Prompt |
What do the lines from the one containing "Ubuntu LTS 20.04" through the end of the entries say? Quote them exactly, and only them.

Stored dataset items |
☆ ☆ ☆ ☆ ☆ ☆ ☆

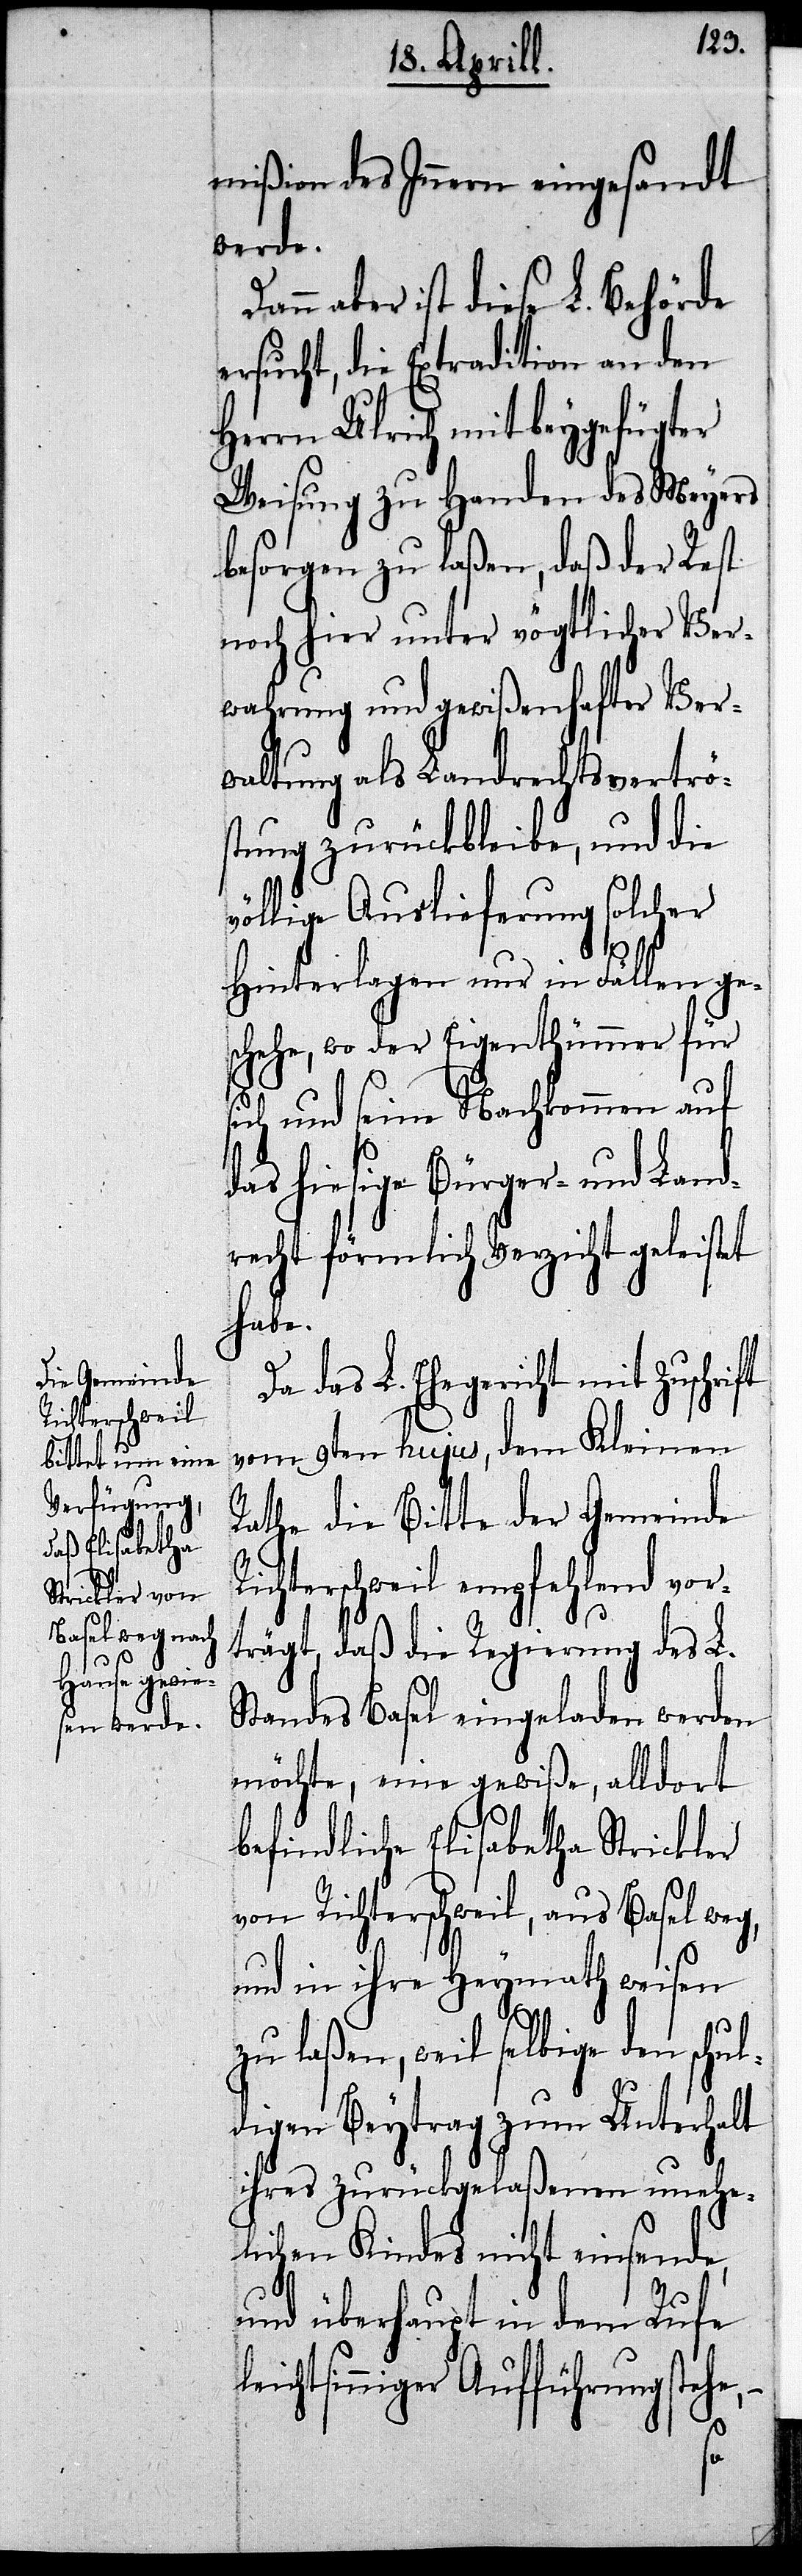
mißion des Innern eingesandt
werde.
aber ist diese L. Behörde
ersucht, die Extradition an den
Herrn Ulrich mit beygefügter
Weisung zu Handen des Meyers
besorgen zu laßen, daß der Rest
noch hier unter vögtlicher Ver¬
wahrung als Landrechtsvertrös¬
tung zurückbleibe, und die
völlige Auslieferung solcher
le¬
Hinterlegen nur in Fällen ge¬
schehe, wo der Eigenthümer für
sich und seine Nachkommen auf
das hiesige Bürger- und Land¬
recht förmlich Verzicht geleistet
habe.
das L. Ehegericht mit Zuschrift
vom 9ten hujus, dem Kleinen
Rathe die Bitte der Gemeinde
Richterschweil empfehlend vor¬
trägt, daß die Regierung des L.
Standes Basel eingeladen werden
möchte, eine gewiße, alldort
befindliche Elisabetha Strickler
von Richterschweil, aus Basel weg,
und in ihre Heymath weisen
zu laßen, weil selbige den schu¬
ldigen Beytrag zum Unterhalt
ihres zurückgelaßenen unehe¬
lichen Kindes nicht einsende,
und überhaupt in dem Rufe
ichtsinniger Aufführung stehe,–
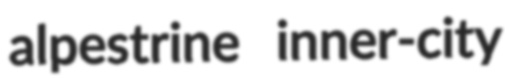
alpestrine inner-city
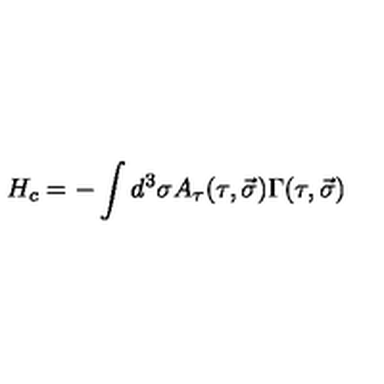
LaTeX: H _ { c } = - \int { d ^ { 3 } \sigma A _ { \tau } ( \tau , \vec { \sigma } ) \Gamma ( \tau , \vec { \sigma } ) }
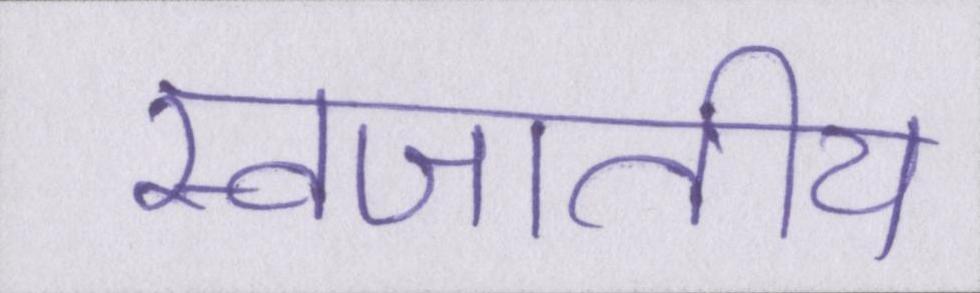
स्वजातीय
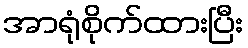
အာရုံစိုက်ထားပြီး
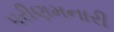
પરીણમનારી
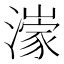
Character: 𱩟
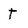
Character: T
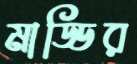
মাড্ডির
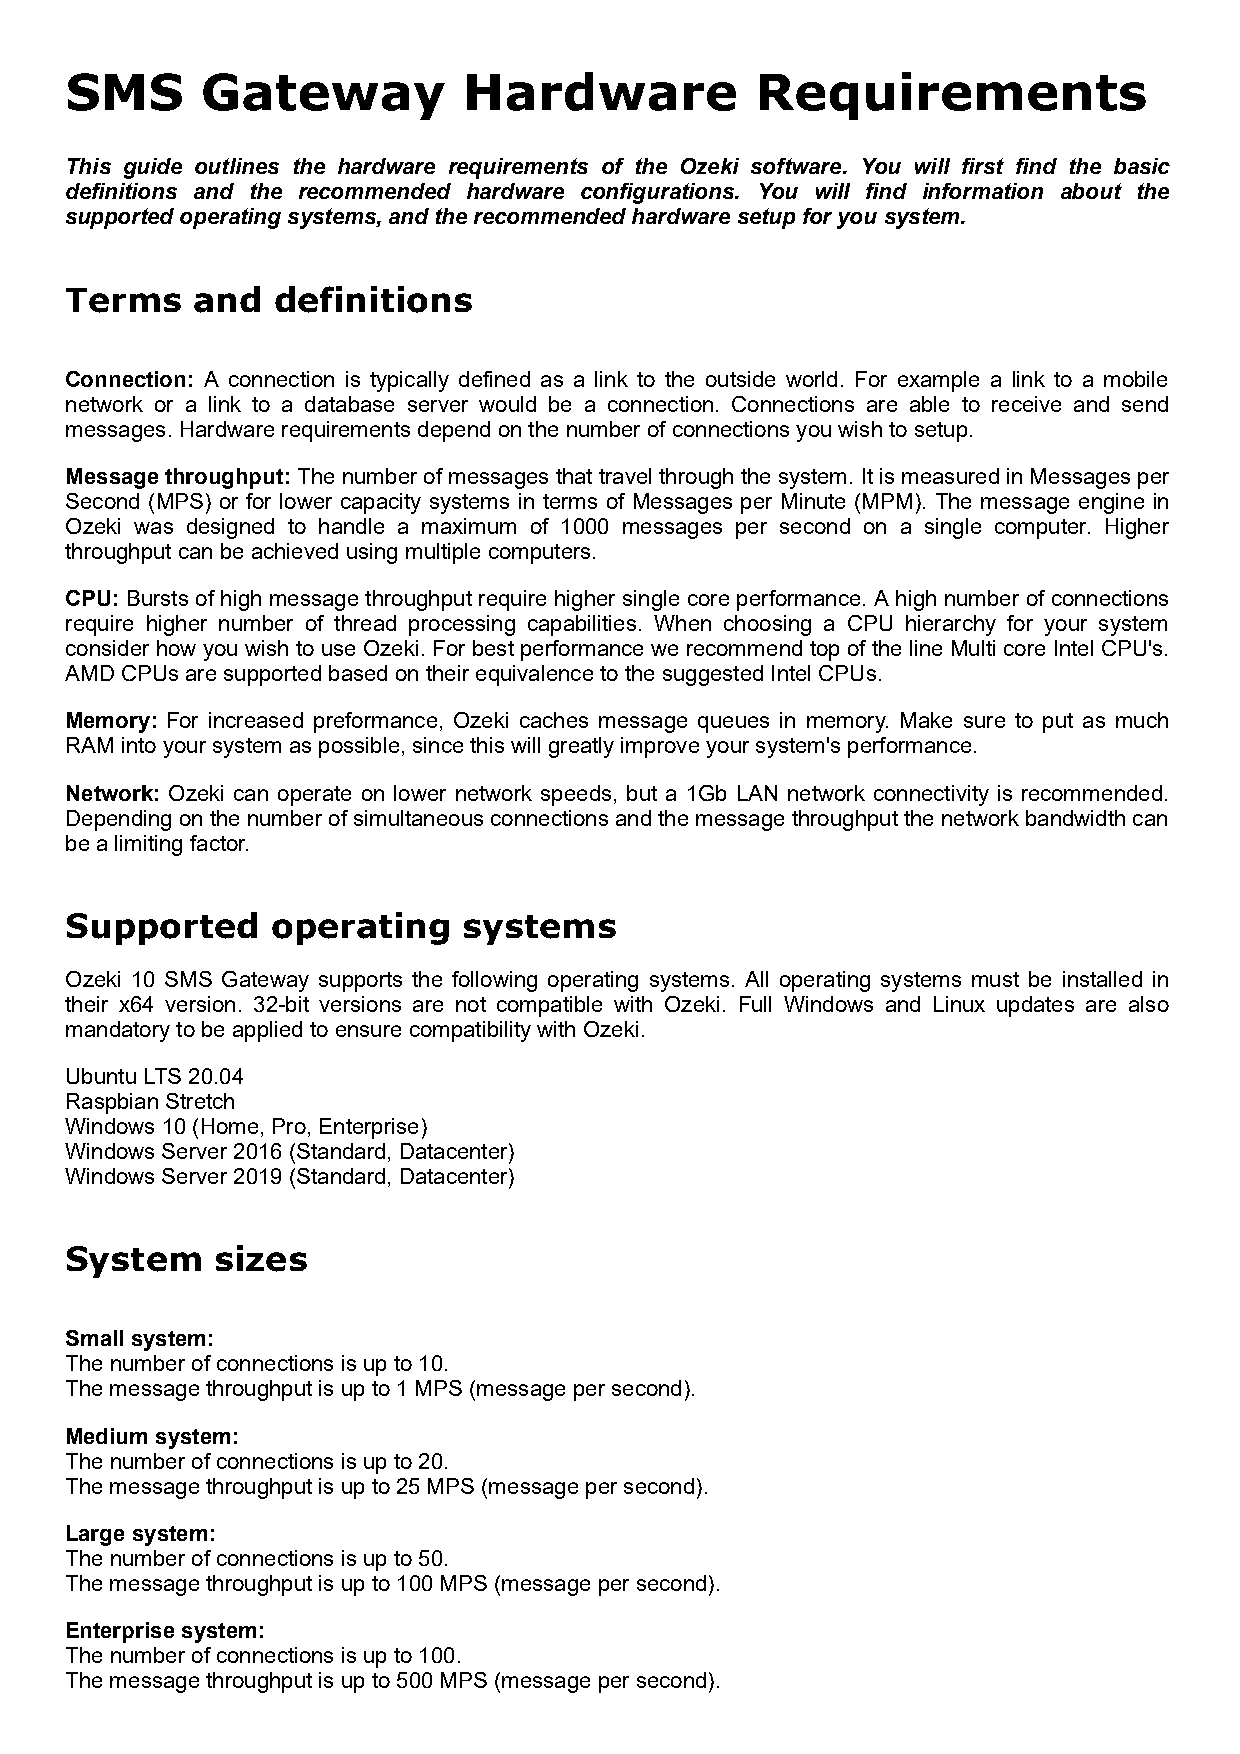
SMS      Gateway           Hardware           Requirements
 This guide outlines the hardware requirements of the Ozeki software. You will first find the basic
 definitions and the recommended hardware configurations. You will find information about the
 supported operating systems, and the recommended hardware setup for you system.
 Terms    and  definitions
 Connection: A connection is typically defined as a link to the outside world. For example a link to a mobile
 network or a link to a database server would be a connection. Connections are able to receive and send
 messages. Hardware requirements depend on the number of connections you wish to setup.
 Message throughput: The number of messages that travel through the system. It is measured in Messages per
 Second (MPS) or for lower capacity systems in terms of Messages per Minute (MPM). The message engine in
 Ozeki was designed to handle a maximum of 1000 messages per second on a single computer. Higher
 throughput can be achieved using multiple computers.
 CPU: Bursts of high message throughput require higher single core performance. A high number of connections
 require higher number of thread processing capabilities. When choosing a CPU hierarchy for your system
 consider how you wish to use Ozeki. For best performance we recommend top of the line Multi core Intel CPU's.
 AMD CPUs are supported based on their equivalence to the suggested Intel CPUs.
 Memory: For increased preformance, Ozeki caches message queues in memory. Make sure to put as much
 RAM into your system as possible, since this will greatly improve your system's performance.
 Network: Ozeki can operate on lower network speeds, but a 1Gb LAN network connectivity is recommended.
 Depending on the number of simultaneous connections and the message throughput the network bandwidth can
 be a limiting factor.
 Supported     operating    systems
 Ozeki 10 SMS Gateway supports the following operating systems. All operating systems must be installed in
 their x64 version. 32-bit versions are not compatible with Ozeki. Full Windows and Linux updates are also
 mandatory to be applied to ensure compatibility with Ozeki.
 Ubuntu LTS 20.04
 Raspbian Stretch
 Windows 10 (Home, Pro, Enterprise)
 Windows Server 2016 (Standard, Datacenter)
 Windows Server 2019 (Standard, Datacenter)
 System    sizes
 Small system:
 The number of connections is up to 10.
 The message throughput is up to 1 MPS (message per second).
 Medium system:
 The number of connections is up to 20.
 The message throughput is up to 25 MPS (message per second).
 Large system:
 The number of connections is up to 50.
 The message throughput is up to 100 MPS (message per second).
 Enterprise system:
 The number of connections is up to 100.
 The message throughput is up to 500 MPS (message per second).

☆ ☆ ☆ ☆ ☆ ☆ ☆

Result below |
 Ubuntu LTS 20.04
 Raspbian Stretch
 Windows 10 (Home, Pro, Enterprise)
 Windows Server 2016 (Standard, Datacenter)
 Windows Server 2019 (Standard, Datacenter)
 System    sizes
 Small system:
 The number of connections is up to 10.
 The message throughput is up to 1 MPS (message per second).
 Medium system:
 The number of connections is up to 20.
 The message throughput is up to 25 MPS (message per second).
 Large system:
 The number of connections is up to 50.
 The message throughput is up to 100 MPS (message per second).
 Enterprise system:
 The number of connections is up to 100.
 The message throughput is up to 500 MPS (message per second).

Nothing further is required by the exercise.